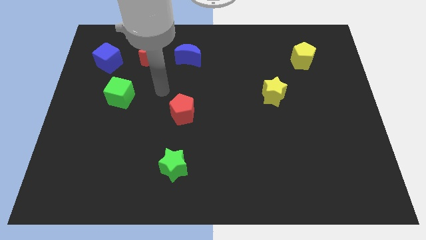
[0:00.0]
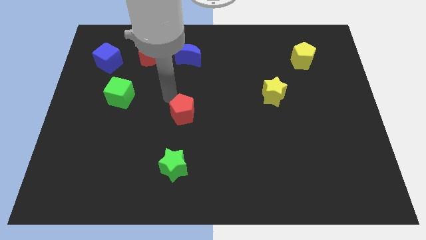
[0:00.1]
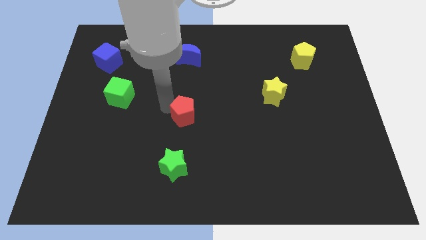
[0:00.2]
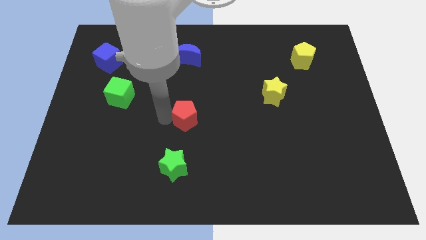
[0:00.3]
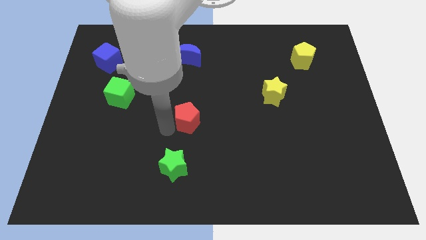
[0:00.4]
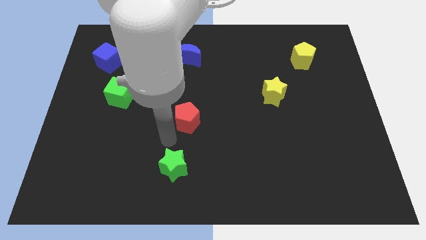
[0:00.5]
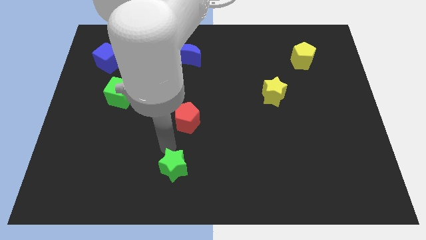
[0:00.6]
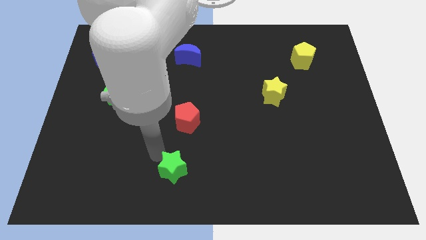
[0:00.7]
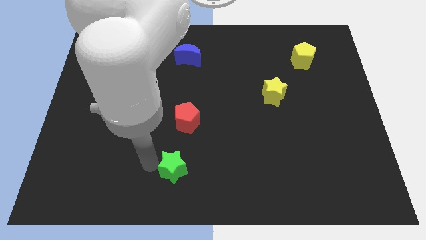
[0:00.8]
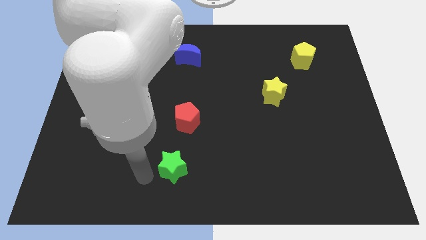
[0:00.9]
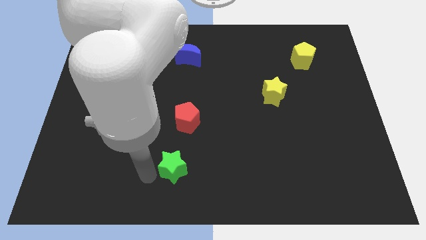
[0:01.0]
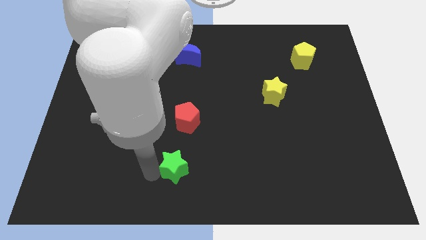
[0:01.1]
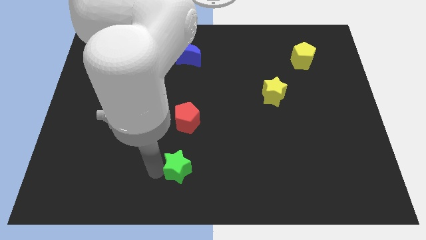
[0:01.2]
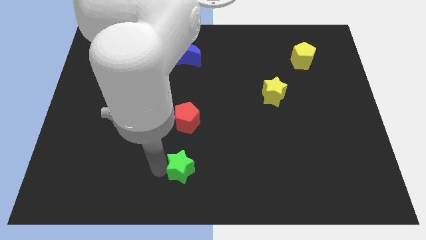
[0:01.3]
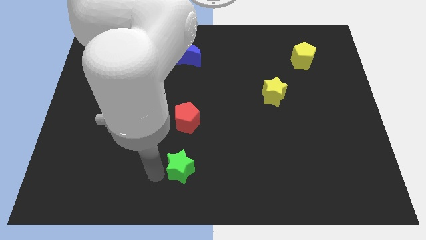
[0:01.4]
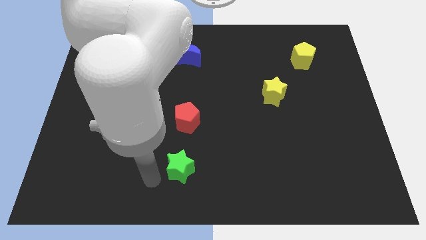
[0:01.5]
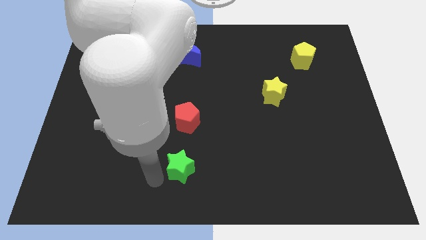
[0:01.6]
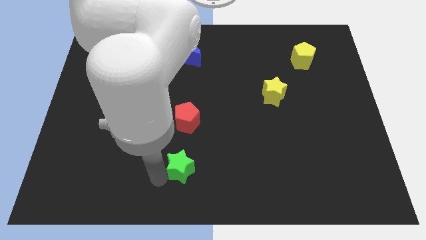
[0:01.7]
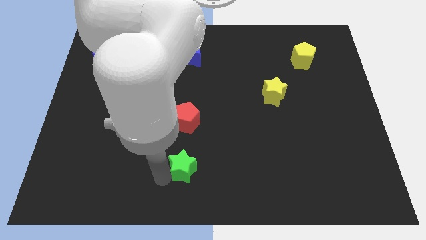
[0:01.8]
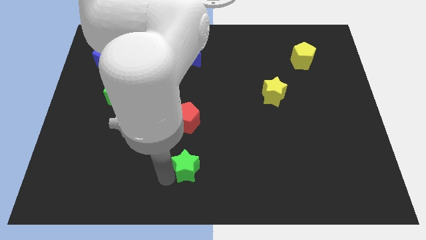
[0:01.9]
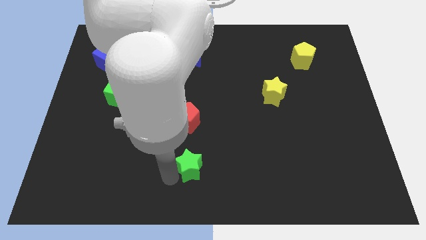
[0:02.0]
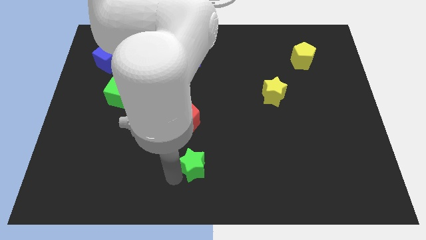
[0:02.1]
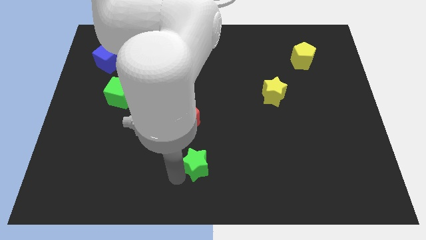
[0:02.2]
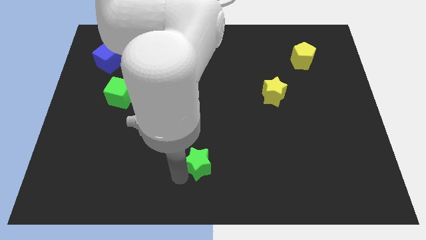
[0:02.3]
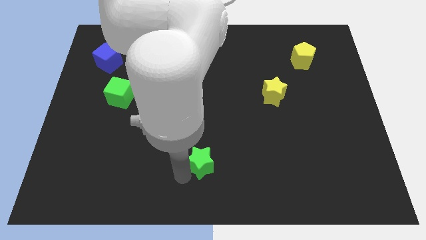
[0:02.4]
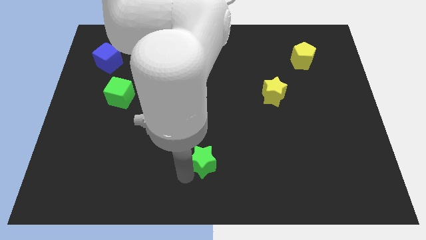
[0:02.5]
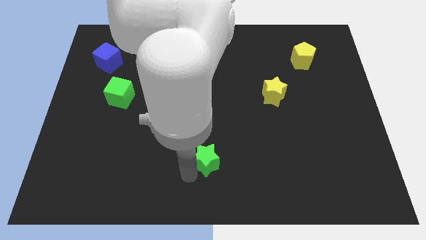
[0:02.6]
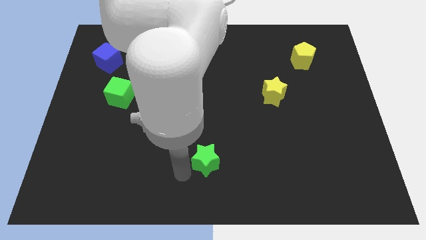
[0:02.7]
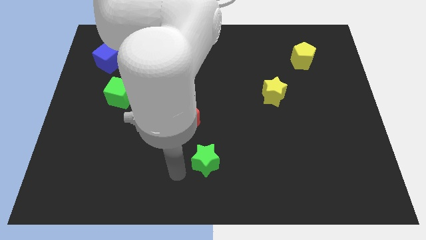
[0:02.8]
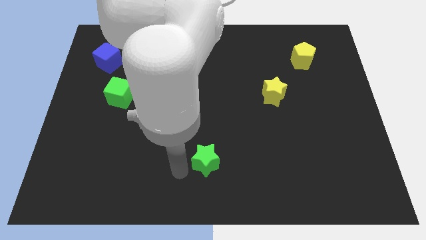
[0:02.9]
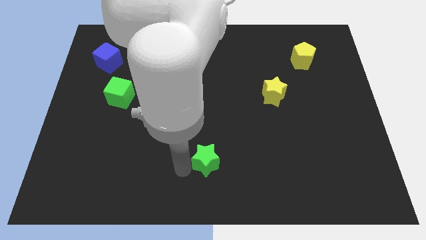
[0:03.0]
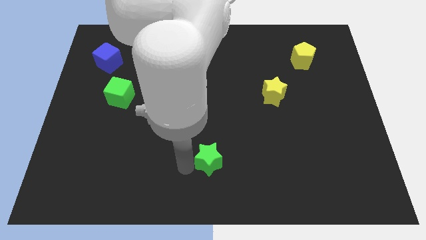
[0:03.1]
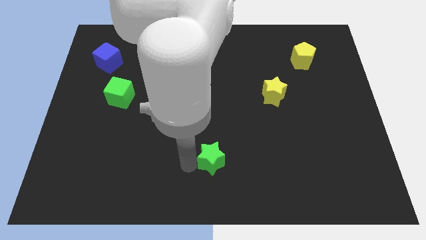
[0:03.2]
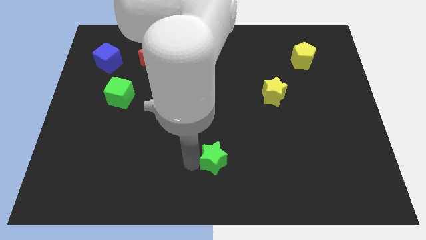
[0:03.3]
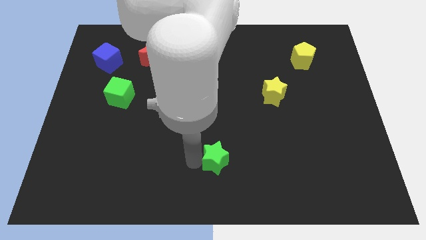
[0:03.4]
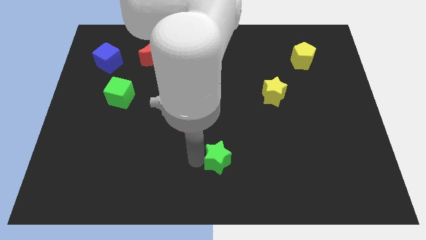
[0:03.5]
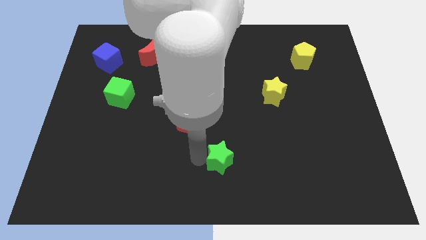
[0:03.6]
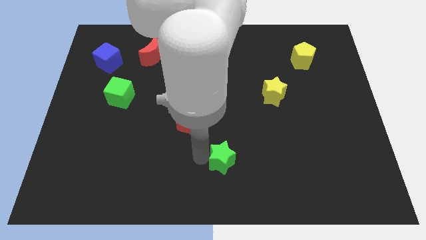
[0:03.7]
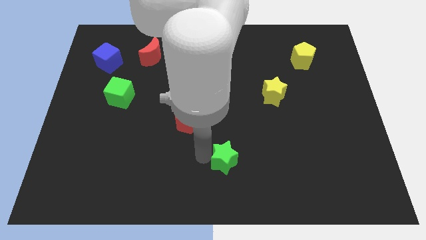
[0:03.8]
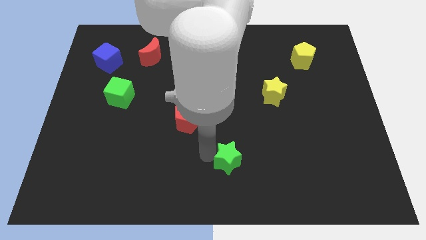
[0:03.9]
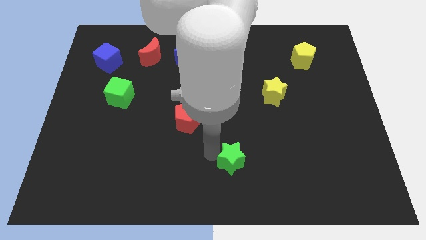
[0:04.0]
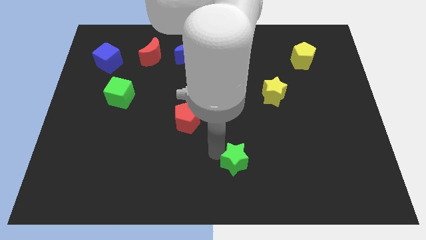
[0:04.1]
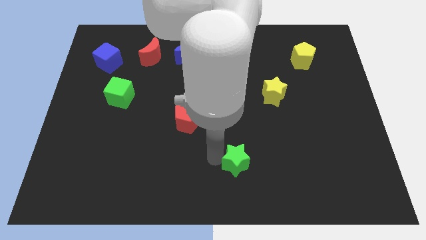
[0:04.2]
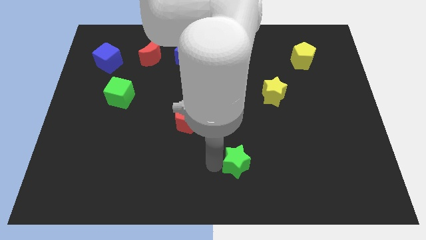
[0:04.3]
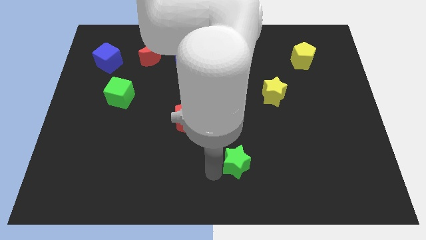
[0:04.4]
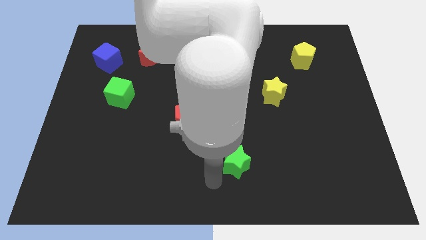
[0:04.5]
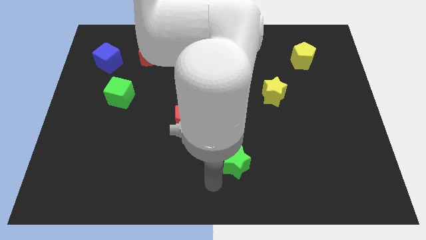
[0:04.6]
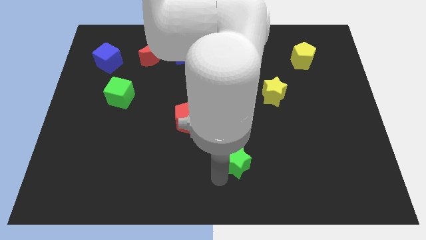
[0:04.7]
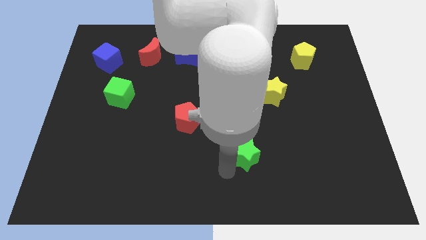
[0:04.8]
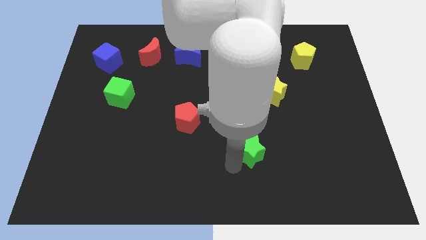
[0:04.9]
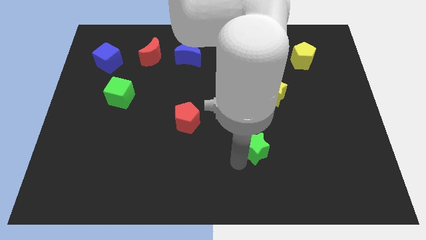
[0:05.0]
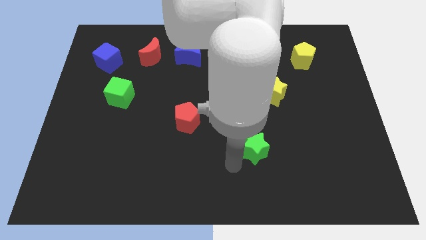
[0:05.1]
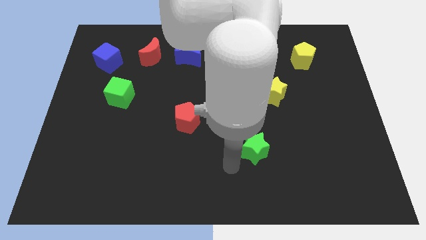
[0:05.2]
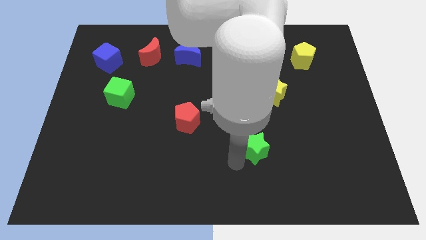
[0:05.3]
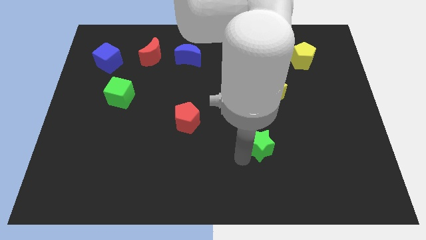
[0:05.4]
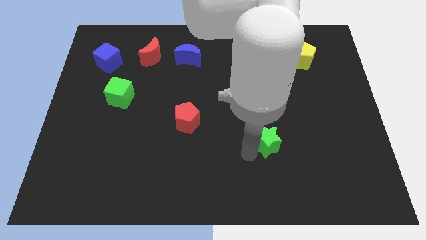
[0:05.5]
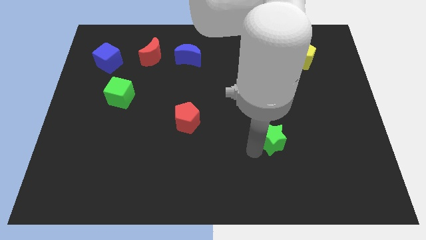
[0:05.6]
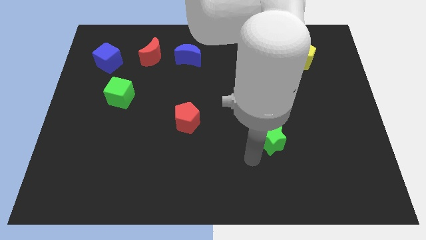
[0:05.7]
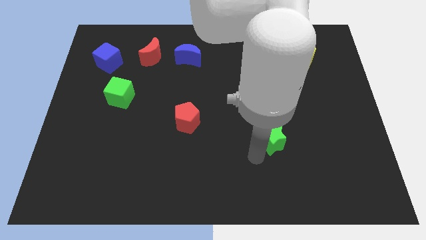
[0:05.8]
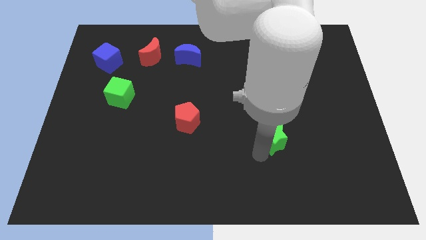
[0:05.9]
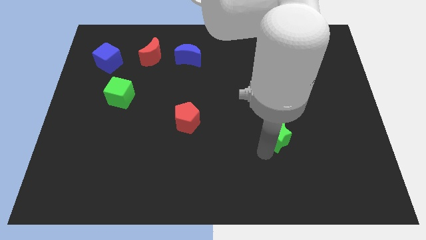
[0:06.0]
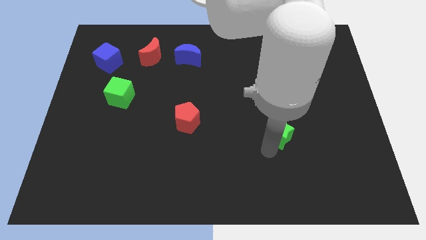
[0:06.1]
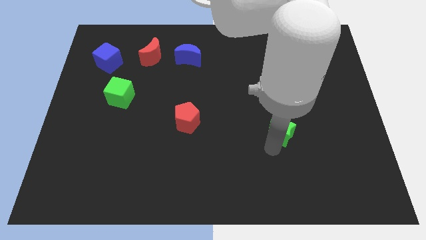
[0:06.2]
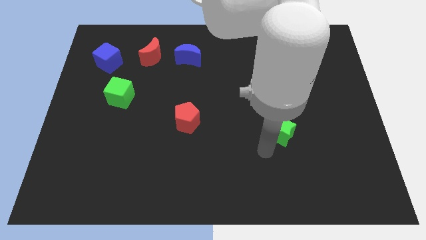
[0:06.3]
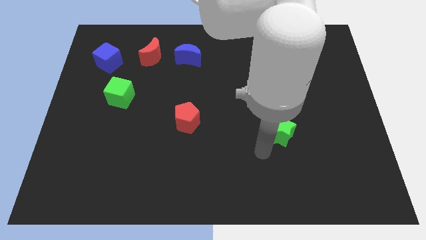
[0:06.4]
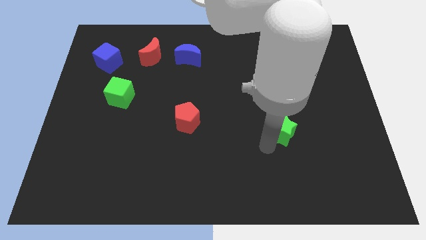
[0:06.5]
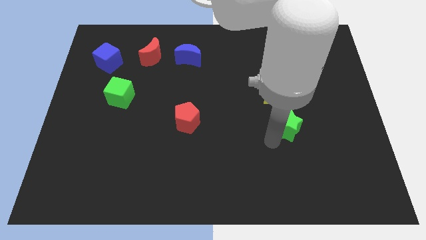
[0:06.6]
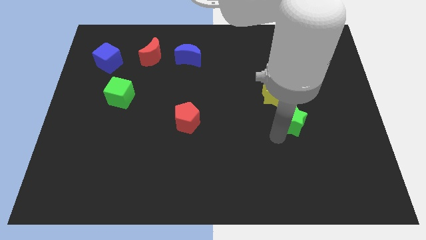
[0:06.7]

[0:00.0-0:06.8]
put the green star to the bottom right of the yellow star

————————

Set the listing down in full and exactly. Pictures within it should not appear in the copy.

[0:00.0]
[0:00.1]
[0:00.2]
[0:00.3]
[0:00.4]
[0:00.5]
[0:00.6]
[0:00.7]
[0:00.8]
[0:00.9]
[0:01.0]
[0:01.1]
[0:01.2]
[0:01.3]
[0:01.4]
[0:01.5]
[0:01.6]
[0:01.7]
[0:01.8]
[0:01.9]
[0:02.0]
[0:02.1]
[0:02.2]
[0:02.3]
[0:02.4]
[0:02.5]
[0:02.6]
[0:02.7]
[0:02.8]
[0:02.9]
[0:03.0]
[0:03.1]
[0:03.2]
[0:03.3]
[0:03.4]
[0:03.5]
[0:03.6]
[0:03.7]
[0:03.8]
[0:03.9]
[0:04.0]
[0:04.1]
[0:04.2]
[0:04.3]
[0:04.4]
[0:04.5]
[0:04.6]
[0:04.7]
[0:04.8]
[0:04.9]
[0:05.0]
[0:05.1]
[0:05.2]
[0:05.3]
[0:05.4]
[0:05.5]
[0:05.6]
[0:05.7]
[0:05.8]
[0:05.9]
[0:06.0]
[0:06.1]
[0:06.2]
[0:06.3]
[0:06.4]
[0:06.5]
[0:06.6]
[0:06.7]

[0:00.0-0:06.8]
put the green star to the bottom right of the yellow star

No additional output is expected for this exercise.